::: TASK INPUTS

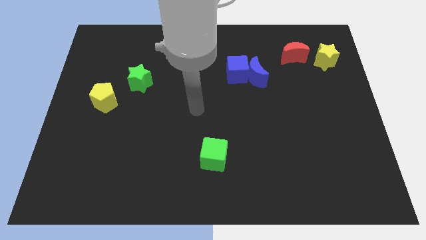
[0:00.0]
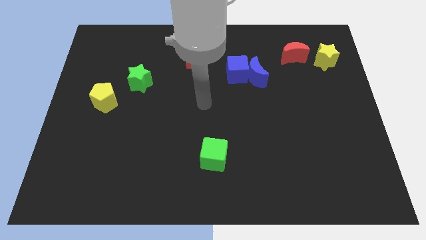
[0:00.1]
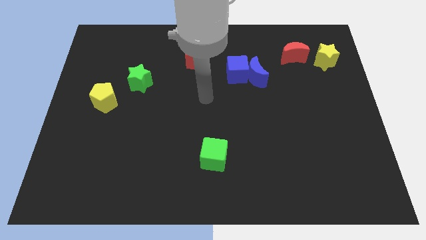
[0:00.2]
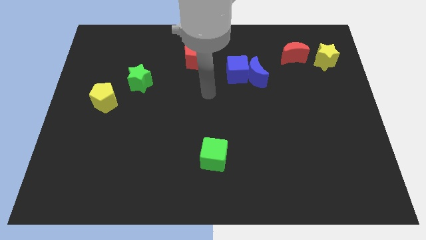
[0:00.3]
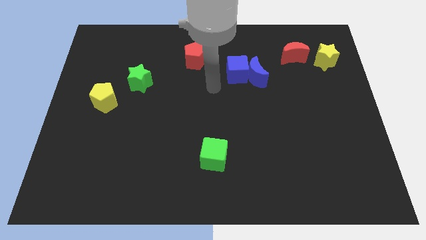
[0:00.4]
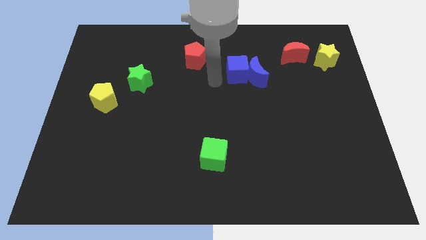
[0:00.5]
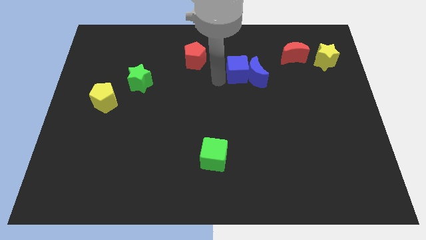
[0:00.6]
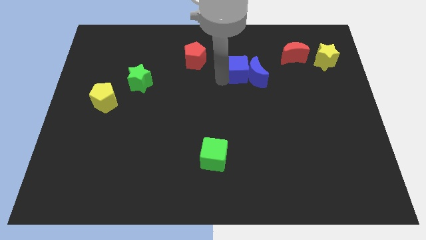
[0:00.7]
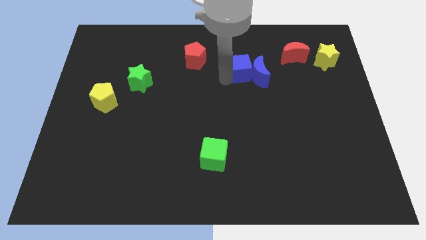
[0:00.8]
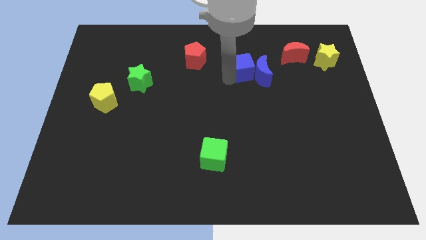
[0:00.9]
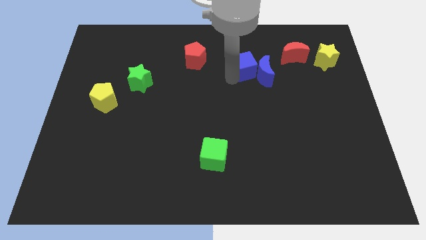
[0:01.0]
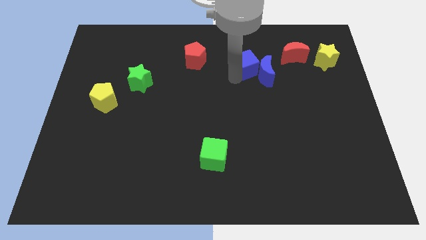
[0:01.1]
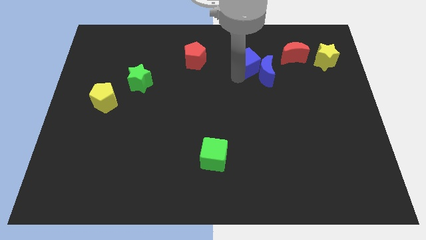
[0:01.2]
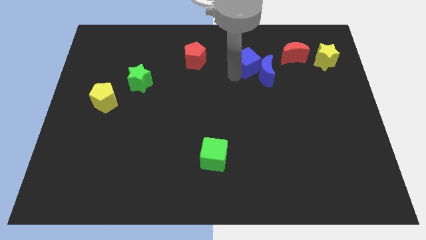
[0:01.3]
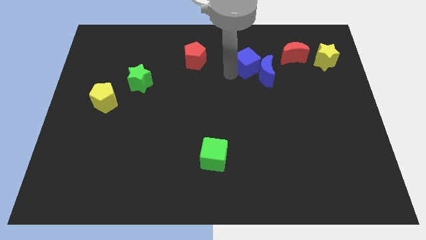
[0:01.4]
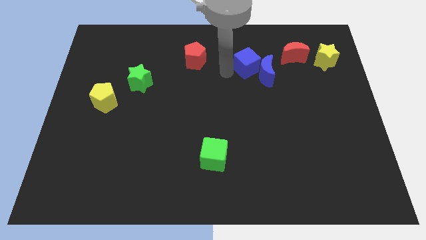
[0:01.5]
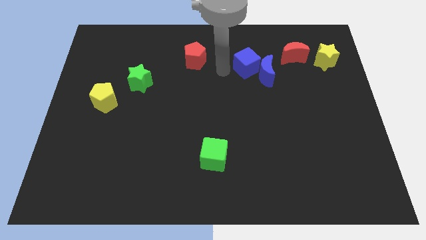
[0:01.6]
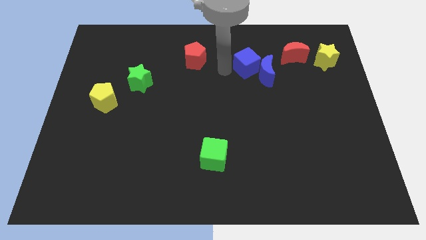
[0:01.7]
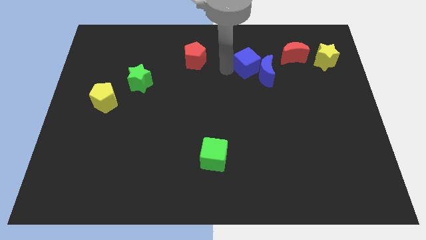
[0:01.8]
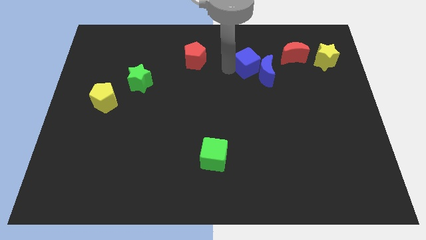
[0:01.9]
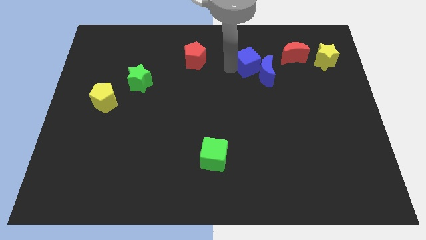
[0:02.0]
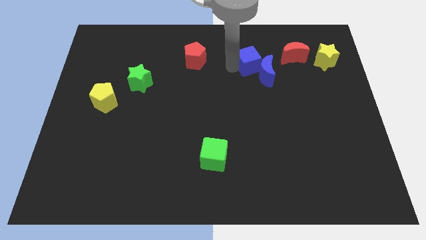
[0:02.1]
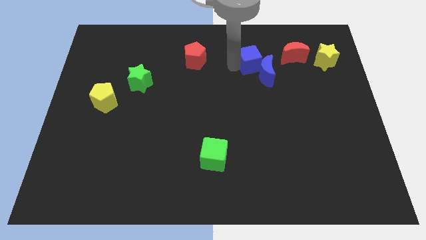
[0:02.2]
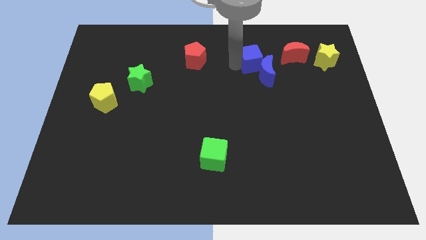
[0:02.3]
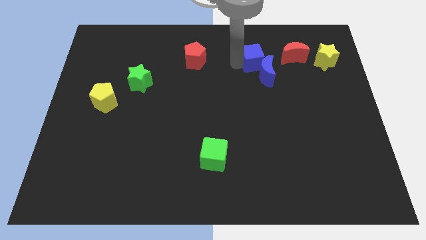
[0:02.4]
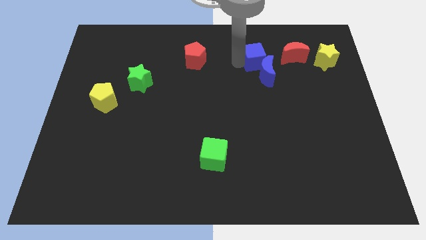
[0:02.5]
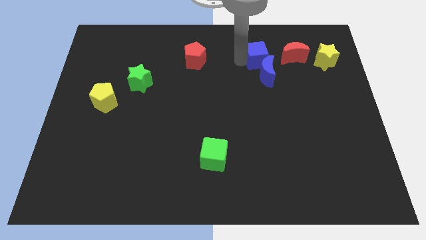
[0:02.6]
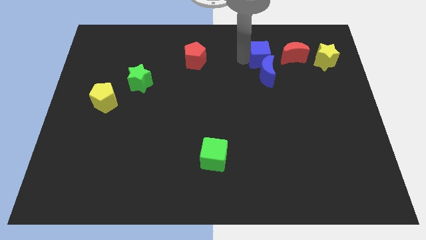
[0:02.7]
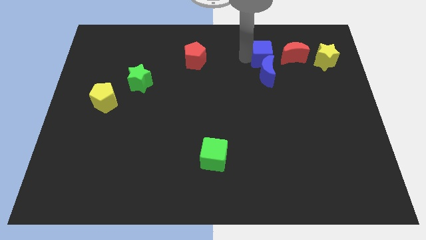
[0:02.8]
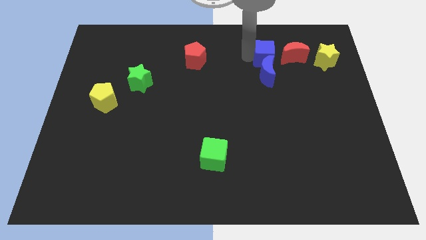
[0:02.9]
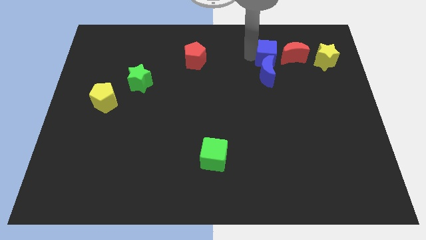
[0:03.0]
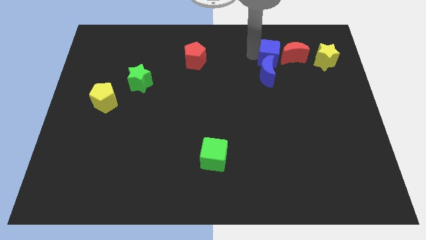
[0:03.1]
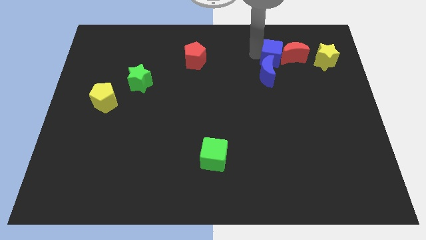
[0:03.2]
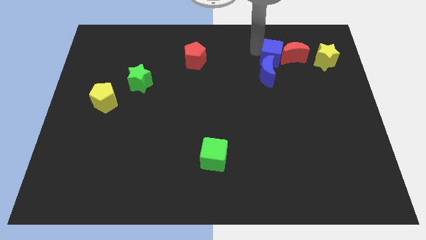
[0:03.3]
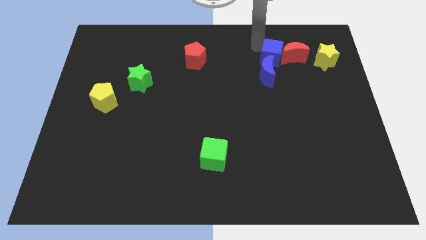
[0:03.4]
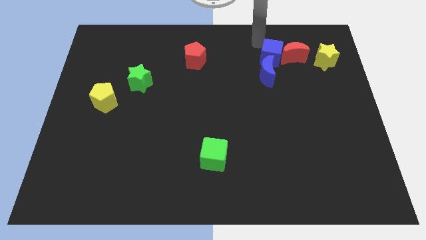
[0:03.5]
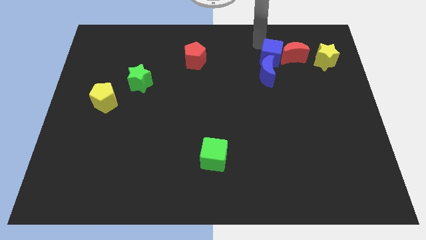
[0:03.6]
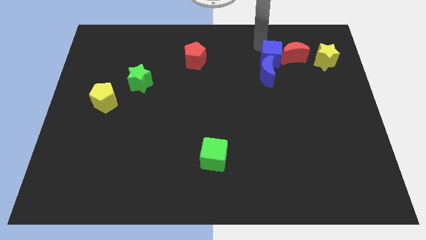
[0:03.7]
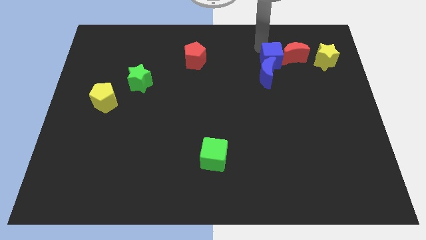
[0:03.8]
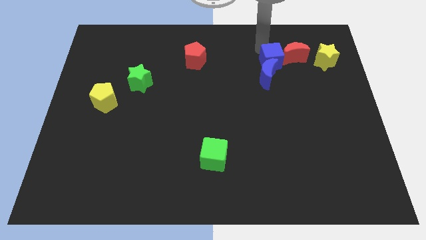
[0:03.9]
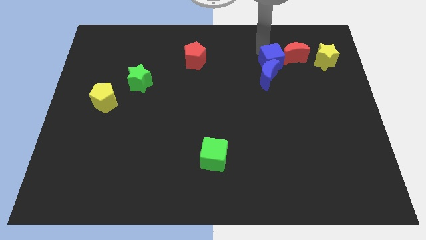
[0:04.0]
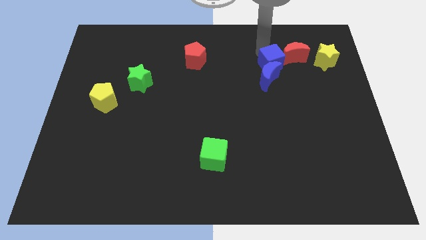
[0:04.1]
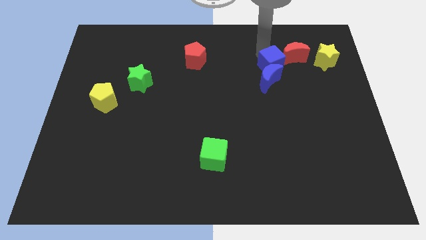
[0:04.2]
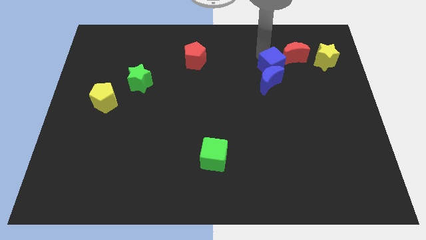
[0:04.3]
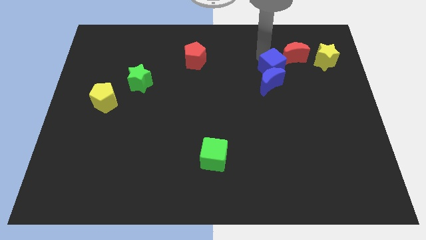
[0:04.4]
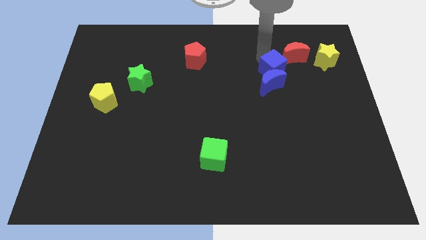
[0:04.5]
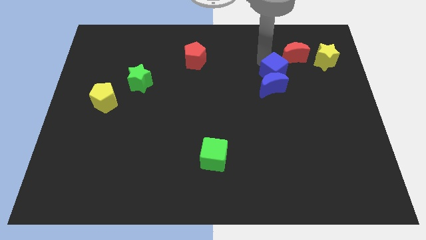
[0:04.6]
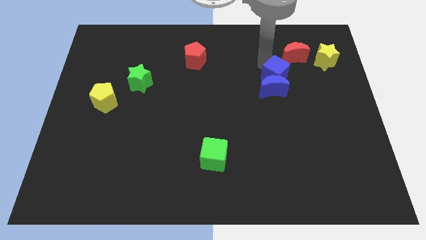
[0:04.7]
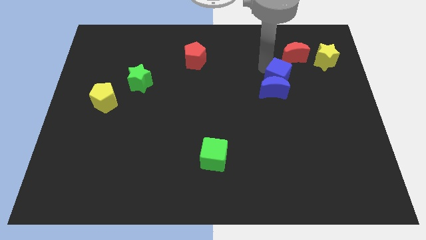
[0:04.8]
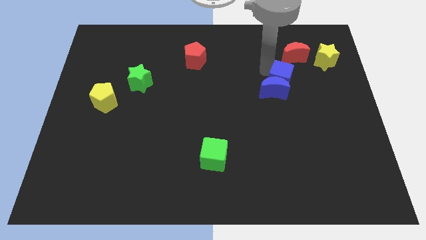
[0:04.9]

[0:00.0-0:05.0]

::::::

TO DO ▸ Omit every picture while transcribing the records above exactly.

EXERCISE SOLUTION ▸
[0:00.0]
[0:00.1]
[0:00.2]
[0:00.3]
[0:00.4]
[0:00.5]
[0:00.6]
[0:00.7]
[0:00.8]
[0:00.9]
[0:01.0]
[0:01.1]
[0:01.2]
[0:01.3]
[0:01.4]
[0:01.5]
[0:01.6]
[0:01.7]
[0:01.8]
[0:01.9]
[0:02.0]
[0:02.1]
[0:02.2]
[0:02.3]
[0:02.4]
[0:02.5]
[0:02.6]
[0:02.7]
[0:02.8]
[0:02.9]
[0:03.0]
[0:03.1]
[0:03.2]
[0:03.3]
[0:03.4]
[0:03.5]
[0:03.6]
[0:03.7]
[0:03.8]
[0:03.9]
[0:04.0]
[0:04.1]
[0:04.2]
[0:04.3]
[0:04.4]
[0:04.5]
[0:04.6]
[0:04.7]
[0:04.8]
[0:04.9]

[0:00.0-0:05.0]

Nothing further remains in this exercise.